Nitrates are naturally occurring substances that stimulate the production of nitric oxide, leading to a widening of the muscle capillaries. This allows more blood to flow through the muscles, increasing the supply of oxygen, nutrients and the removal of waste products. This improvement in muscle blood flow may enhance recovery, particularly when training hard. There may also be a direct benefit on performance. High-nitrate foods include beetroot, spinach, celery and rocket.
11 Nuts and seeds
Nuts and seeds are good sources of essential fatty acids. As already mentioned, omega 3 and 6 are essential, but omega 9 fatty acids are also important. They help decrease inflammation and enhance recovery. Look to eat a handful of nuts – such as almonds, peanuts, pecans, pistachios, cashews and hazelnuts – and seeds – such as sesame and pumpkin – each day and you’ll recover quicker.

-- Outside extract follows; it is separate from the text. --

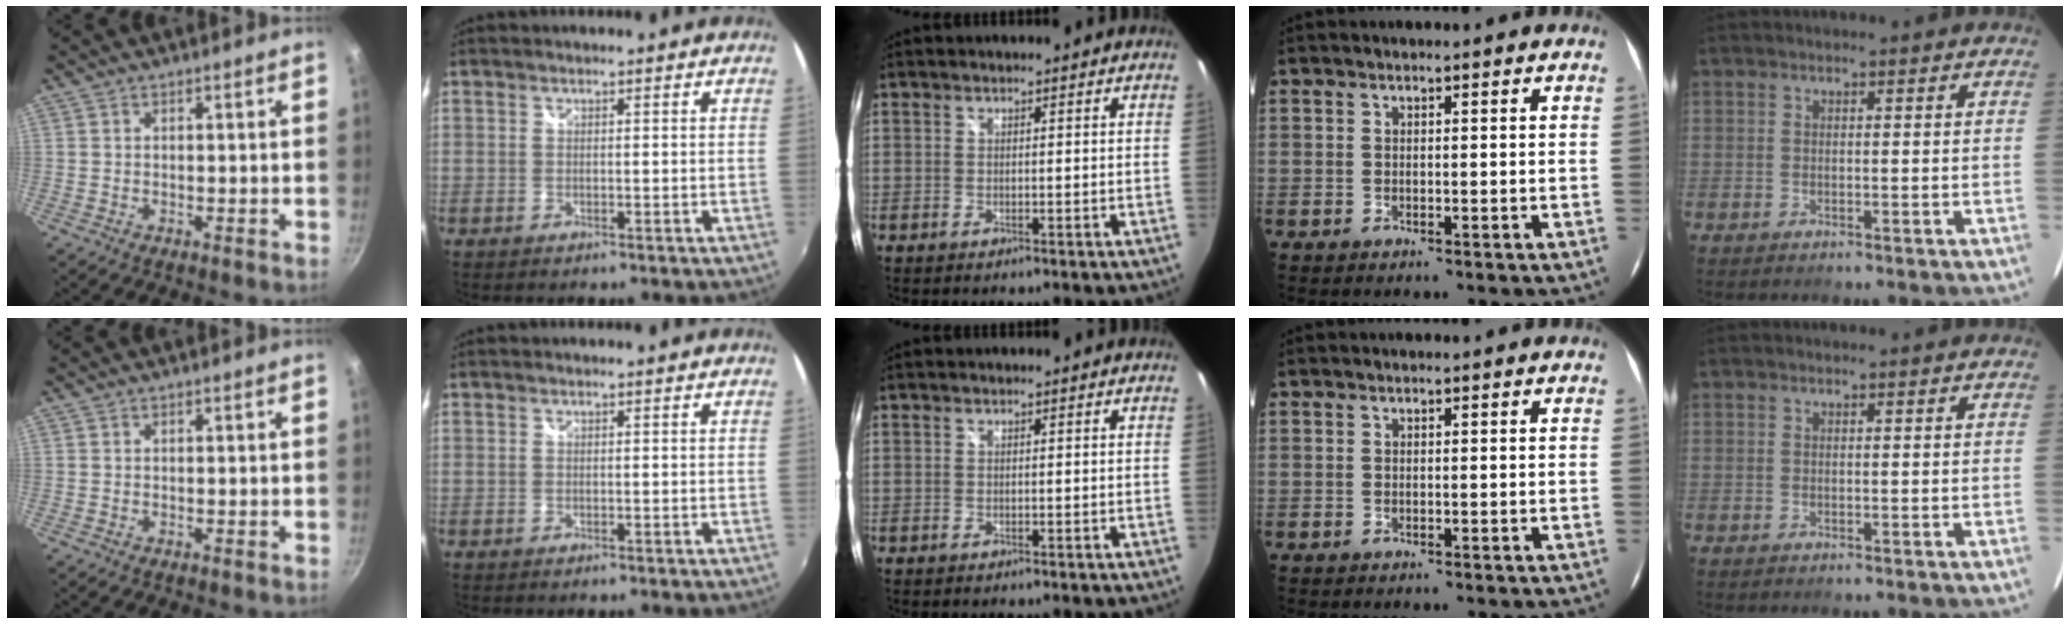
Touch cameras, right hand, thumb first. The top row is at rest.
{}

Quinoa is a grain-like crop crown primarily for its edible seeds. It originates from South America and is the traditional food of the indigenous South American population. High in iron, magnesium and fibre, quinoa has excellent nutritional value and contains a balanced set of essential amino acids, making it one of the few vegetables to offer a complete protein source. It’s also a low glycaemic index carbohydrate, so is an excellent choice for those looking to control their body weight.
There are carbohydrate sensors in the mouth that stimulate the brain into working harder. Using a carbohydrate mouth rinse can decrease a 40km time trial time by over a minute. But possibly the biggest benefit is during training. Consuming sports drinks and gels during hard training can be uncomfortable. Just swilling the gel around your mouth will help you maintain the training intensity.